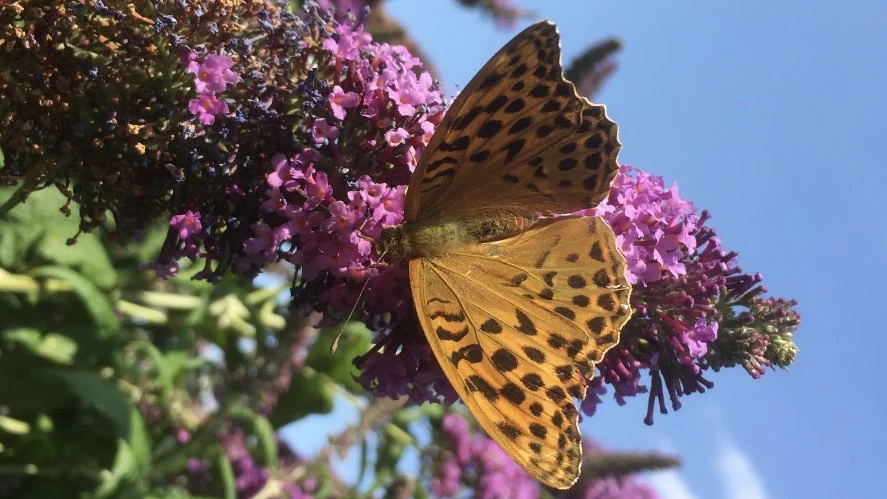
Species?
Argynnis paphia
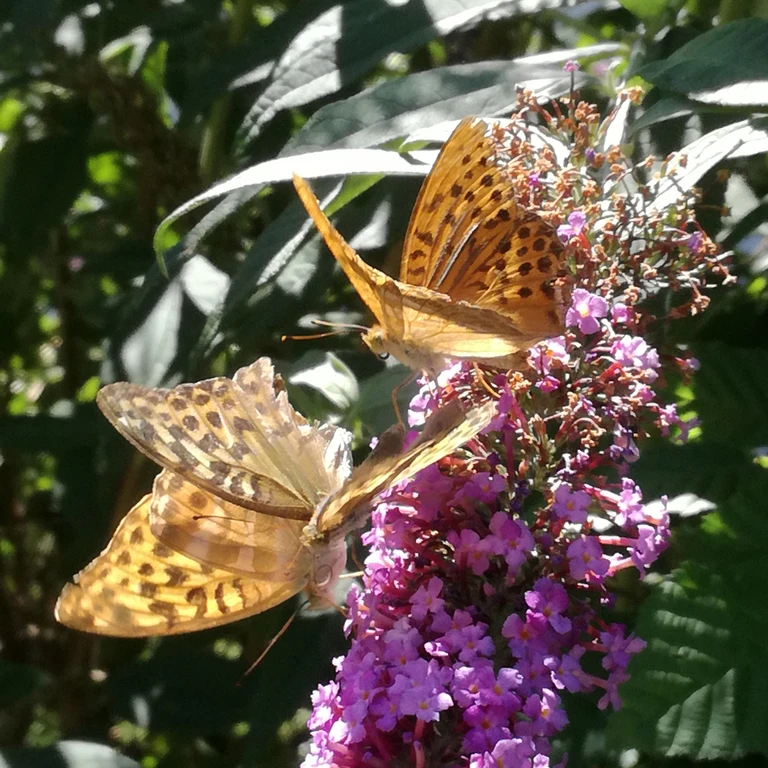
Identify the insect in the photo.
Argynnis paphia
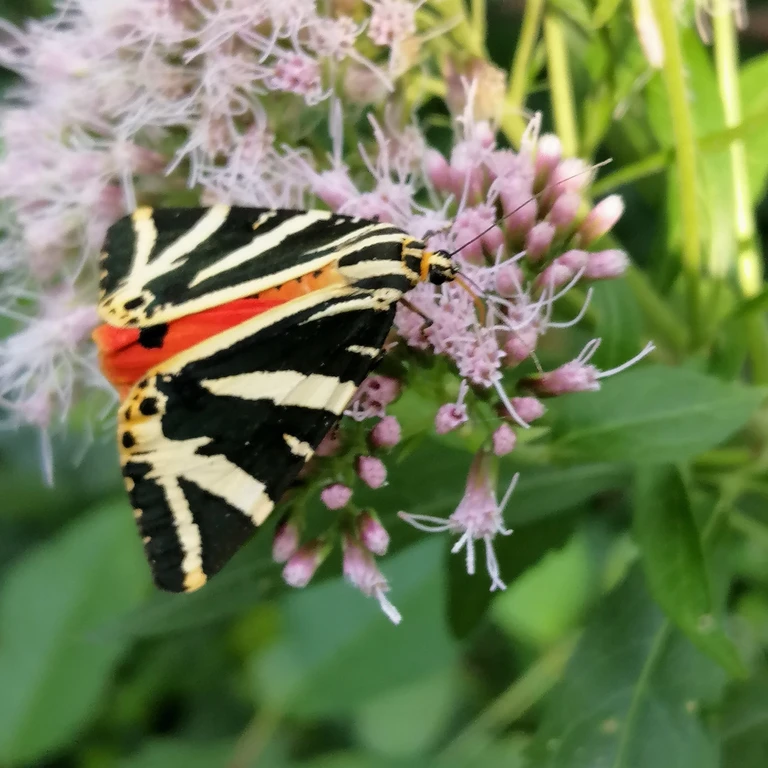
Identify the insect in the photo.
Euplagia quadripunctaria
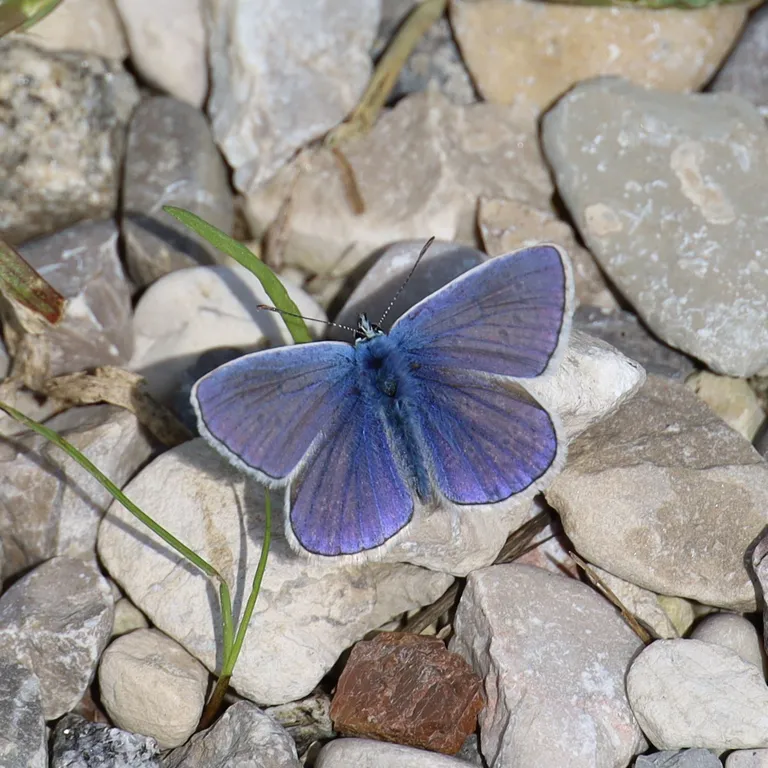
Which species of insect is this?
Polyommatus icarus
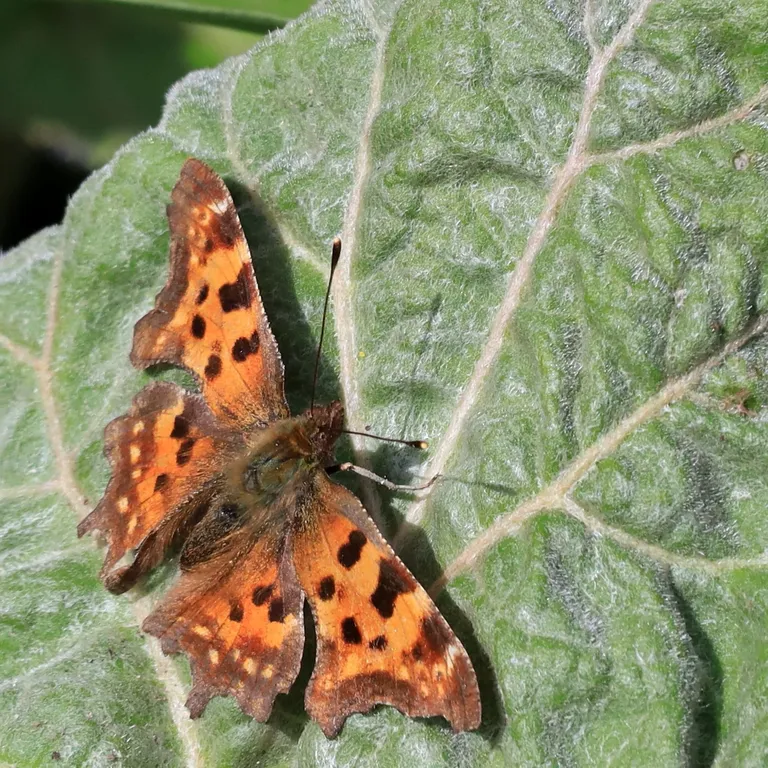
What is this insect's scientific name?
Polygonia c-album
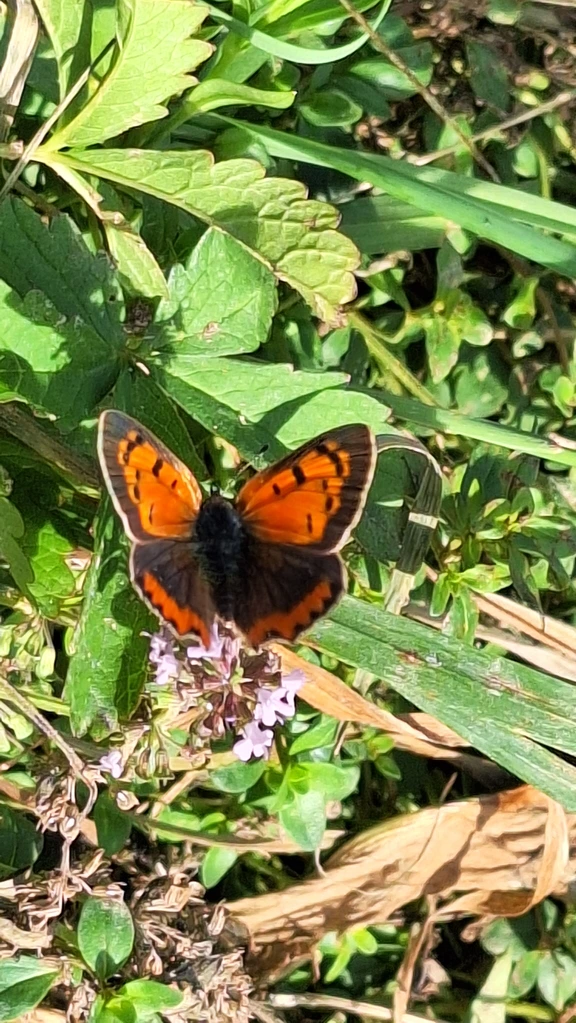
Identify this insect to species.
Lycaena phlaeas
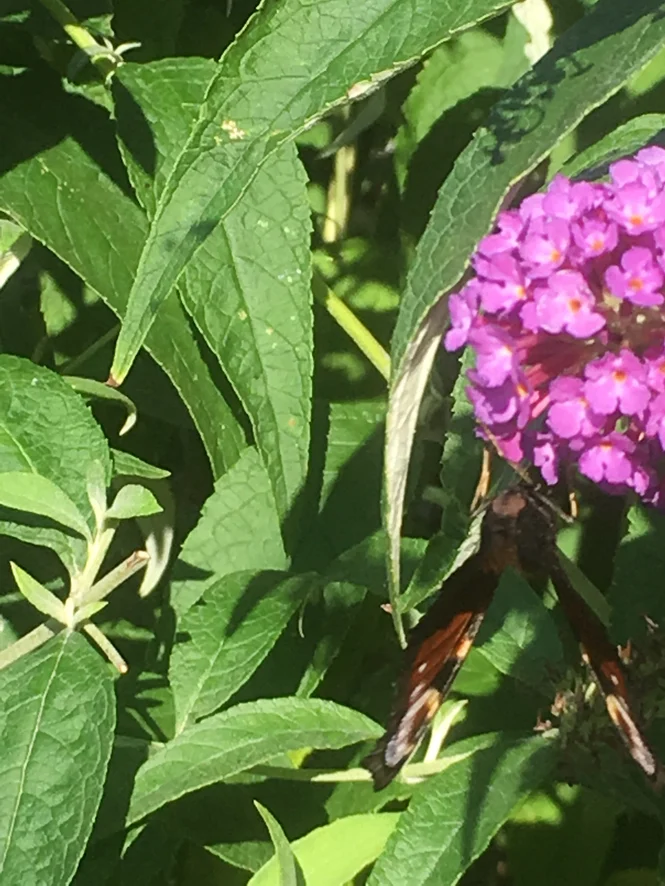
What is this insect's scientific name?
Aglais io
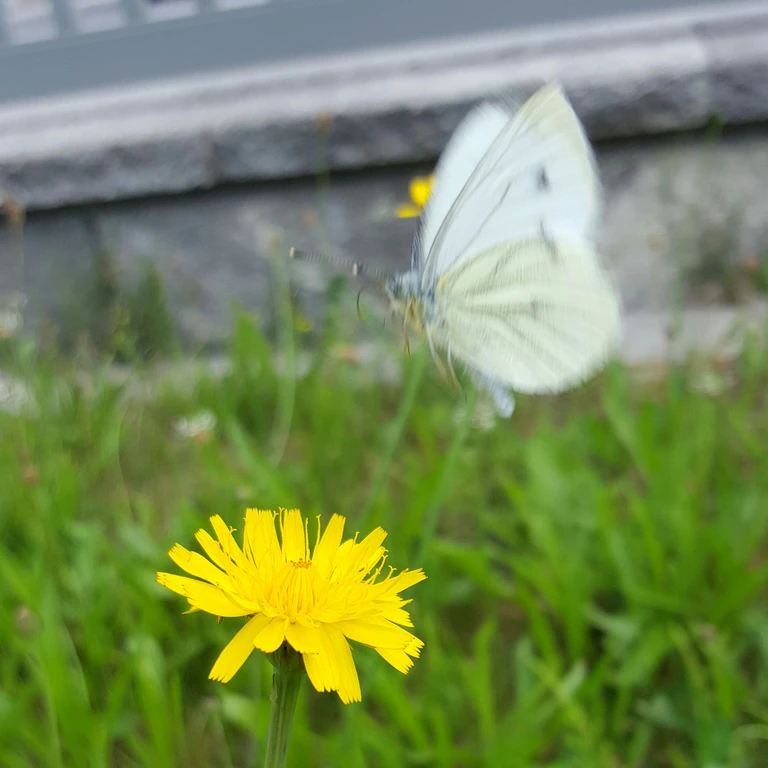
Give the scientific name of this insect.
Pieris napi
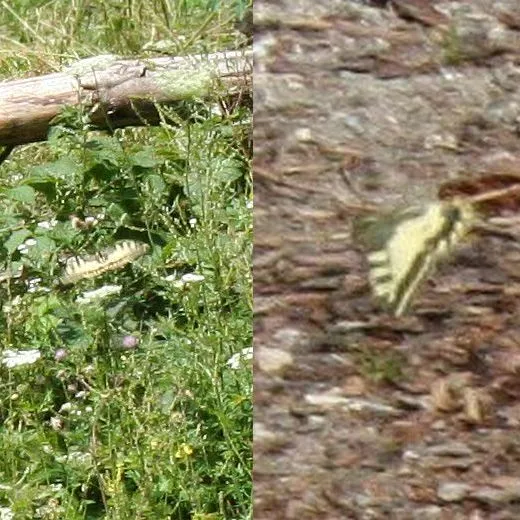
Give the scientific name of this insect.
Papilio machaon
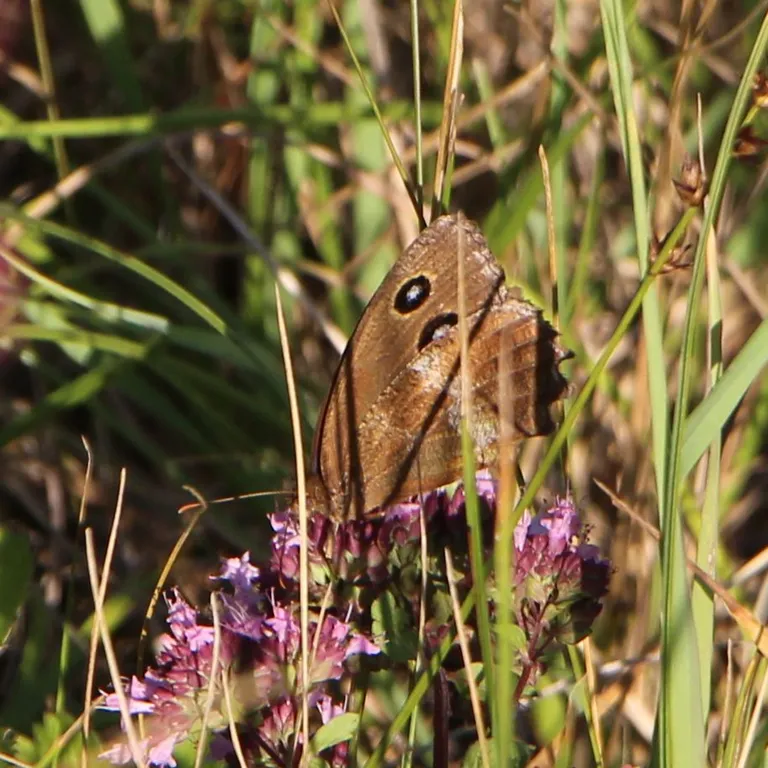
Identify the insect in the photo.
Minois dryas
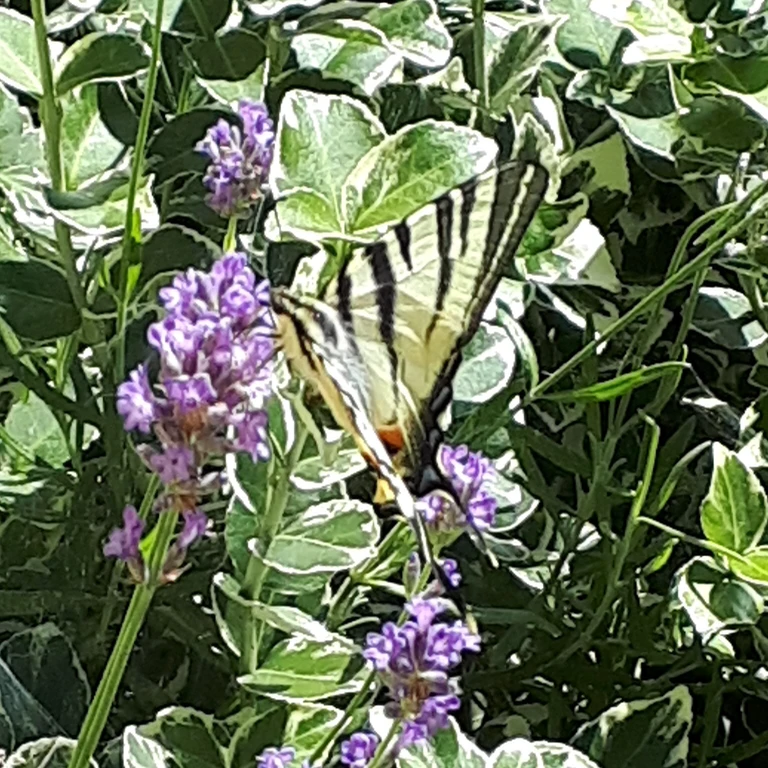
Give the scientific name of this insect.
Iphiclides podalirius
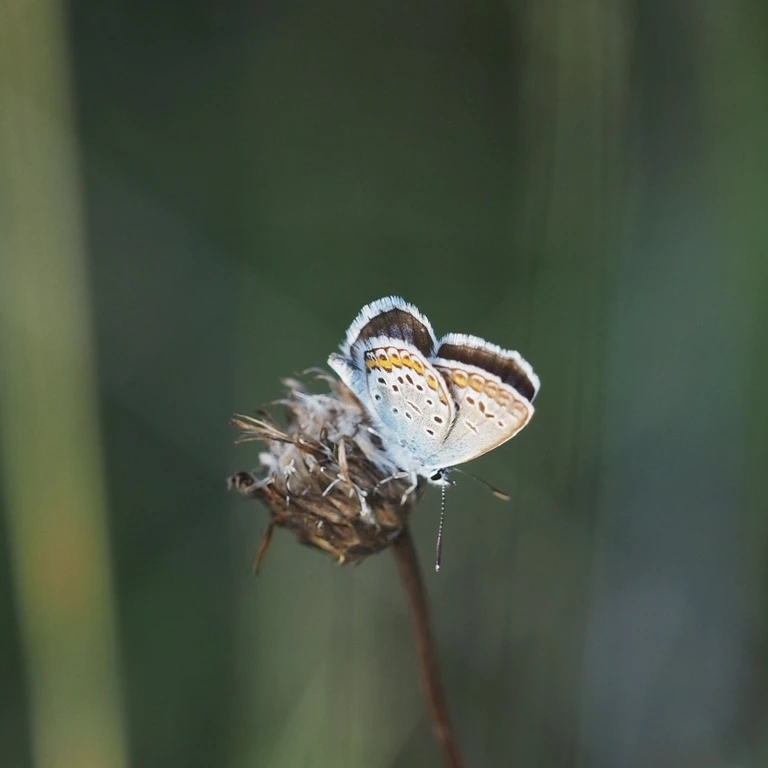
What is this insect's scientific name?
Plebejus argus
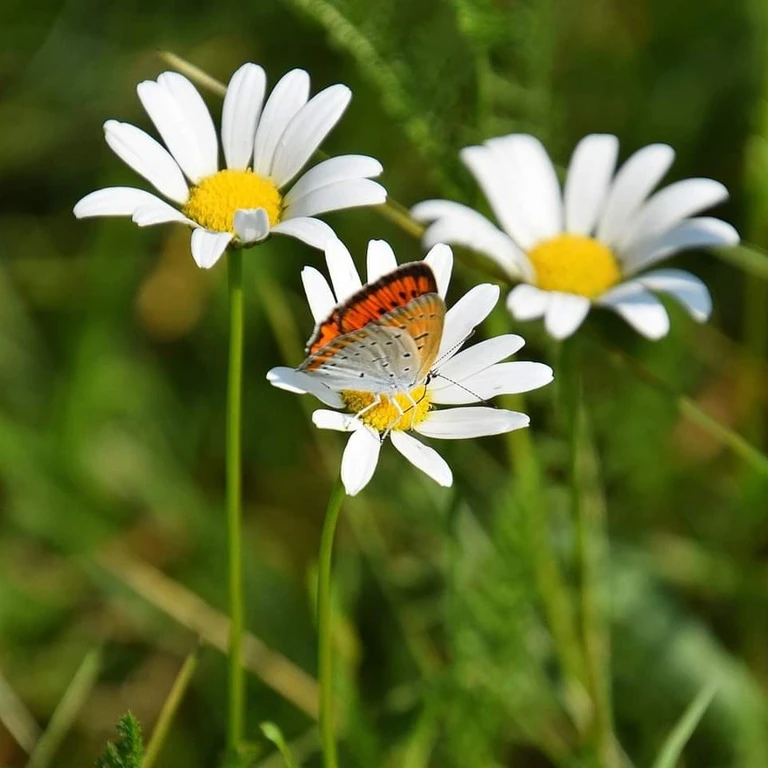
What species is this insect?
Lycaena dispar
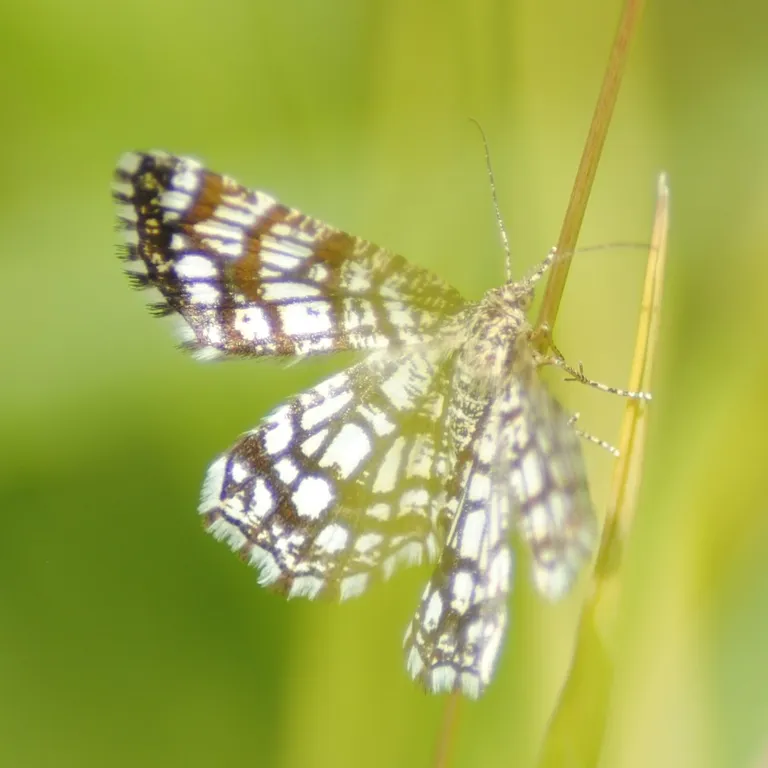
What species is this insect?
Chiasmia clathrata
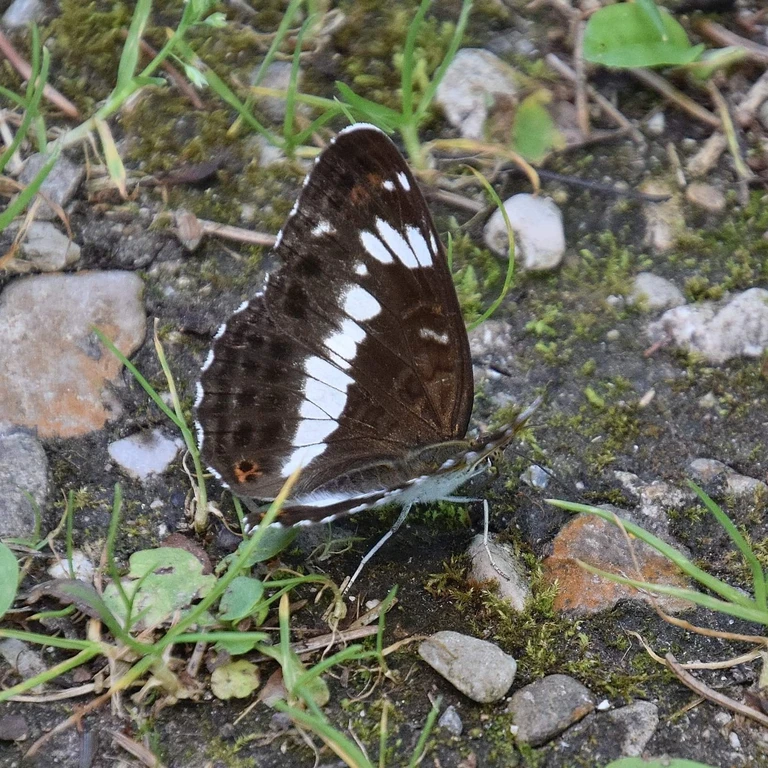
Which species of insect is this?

------------------------

Every entry above should be duplicated exactly. Do not include the images.

Species?
Argynnis paphia
Identify the insect in the photo.
Argynnis paphia
Identify the insect in the photo.
Euplagia quadripunctaria
Which species of insect is this?
Polyommatus icarus
What is this insect's scientific name?
Polygonia c-album
Identify this insect to species.
Lycaena phlaeas
What is this insect's scientific name?
Aglais io
Give the scientific name of this insect.
Pieris napi
Give the scientific name of this insect.
Papilio machaon
Identify the insect in the photo.
Minois dryas
Give the scientific name of this insect.
Iphiclides podalirius
What is this insect's scientific name?
Plebejus argus
What species is this insect?
Lycaena dispar
What species is this insect?
Chiasmia clathrata
Which species of insect is this?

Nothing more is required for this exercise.